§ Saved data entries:
##############################
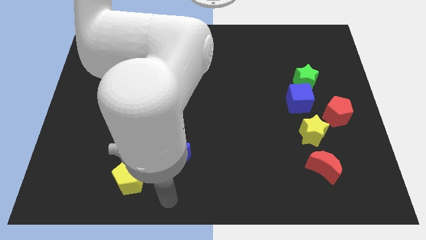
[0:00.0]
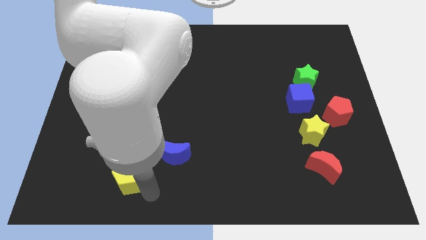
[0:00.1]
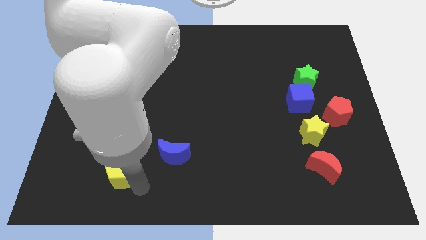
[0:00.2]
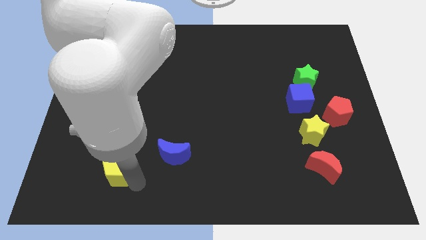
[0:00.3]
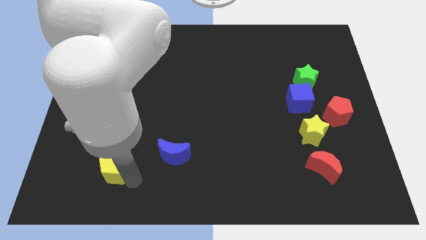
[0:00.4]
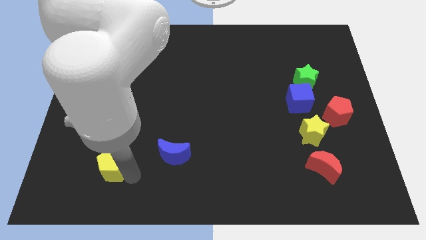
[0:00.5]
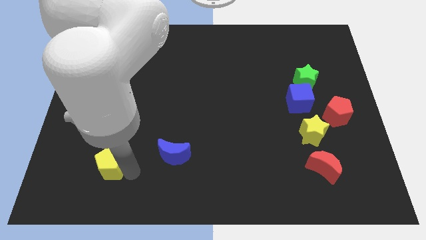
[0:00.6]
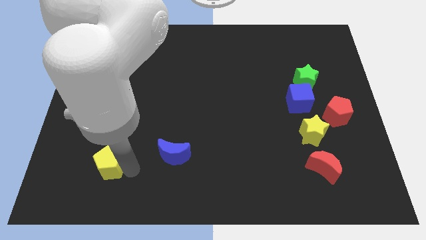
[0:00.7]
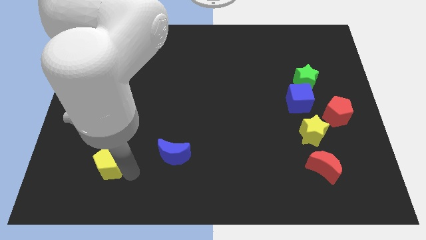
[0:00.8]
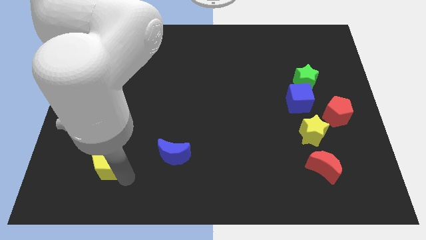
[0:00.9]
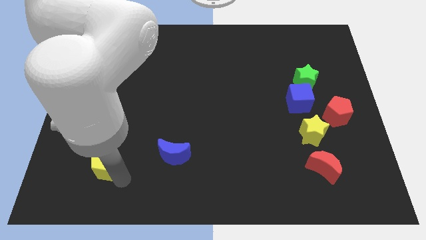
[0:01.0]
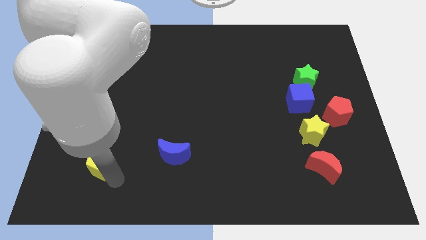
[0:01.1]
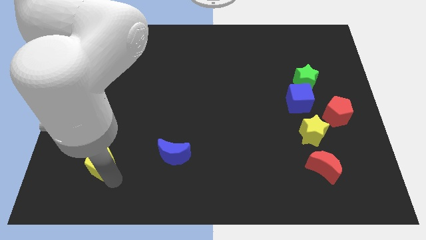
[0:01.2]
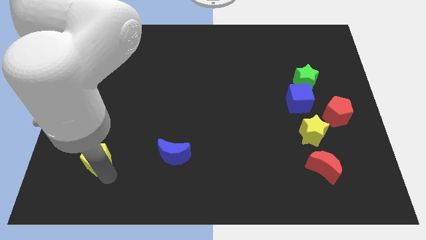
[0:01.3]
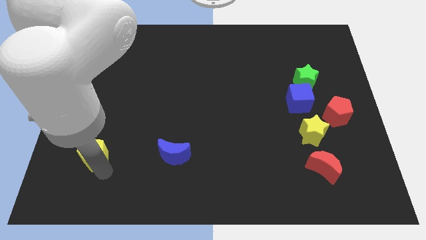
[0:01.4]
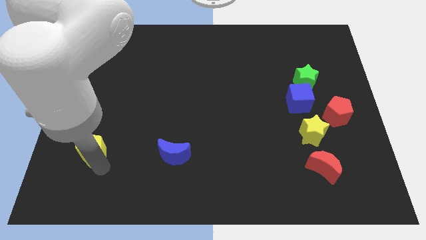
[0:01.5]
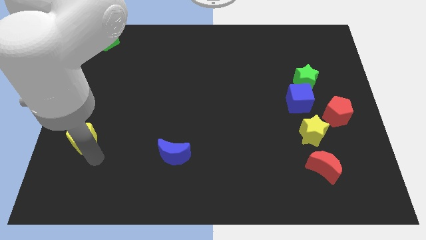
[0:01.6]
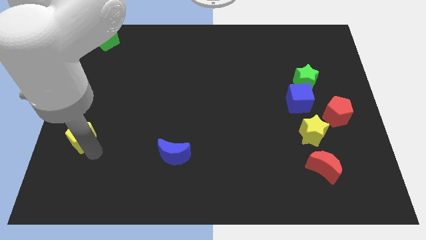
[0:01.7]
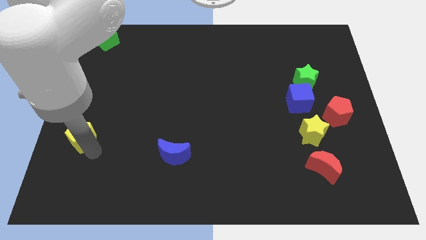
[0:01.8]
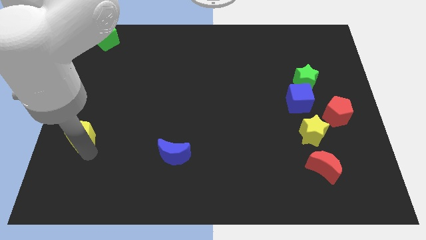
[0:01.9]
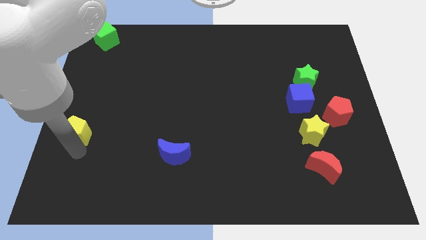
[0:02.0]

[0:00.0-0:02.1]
move the yellow pentagon to the left middle of the board
##############################
§ EXERCISE PROMPT: Set down every entry exactly; omit the pictures.

§ SOLUTION TO THIS PROBLEM:
[0:00.0]
[0:00.1]
[0:00.2]
[0:00.3]
[0:00.4]
[0:00.5]
[0:00.6]
[0:00.7]
[0:00.8]
[0:00.9]
[0:01.0]
[0:01.1]
[0:01.2]
[0:01.3]
[0:01.4]
[0:01.5]
[0:01.6]
[0:01.7]
[0:01.8]
[0:01.9]
[0:02.0]

[0:00.0-0:02.1]
move the yellow pentagon to the left middle of the board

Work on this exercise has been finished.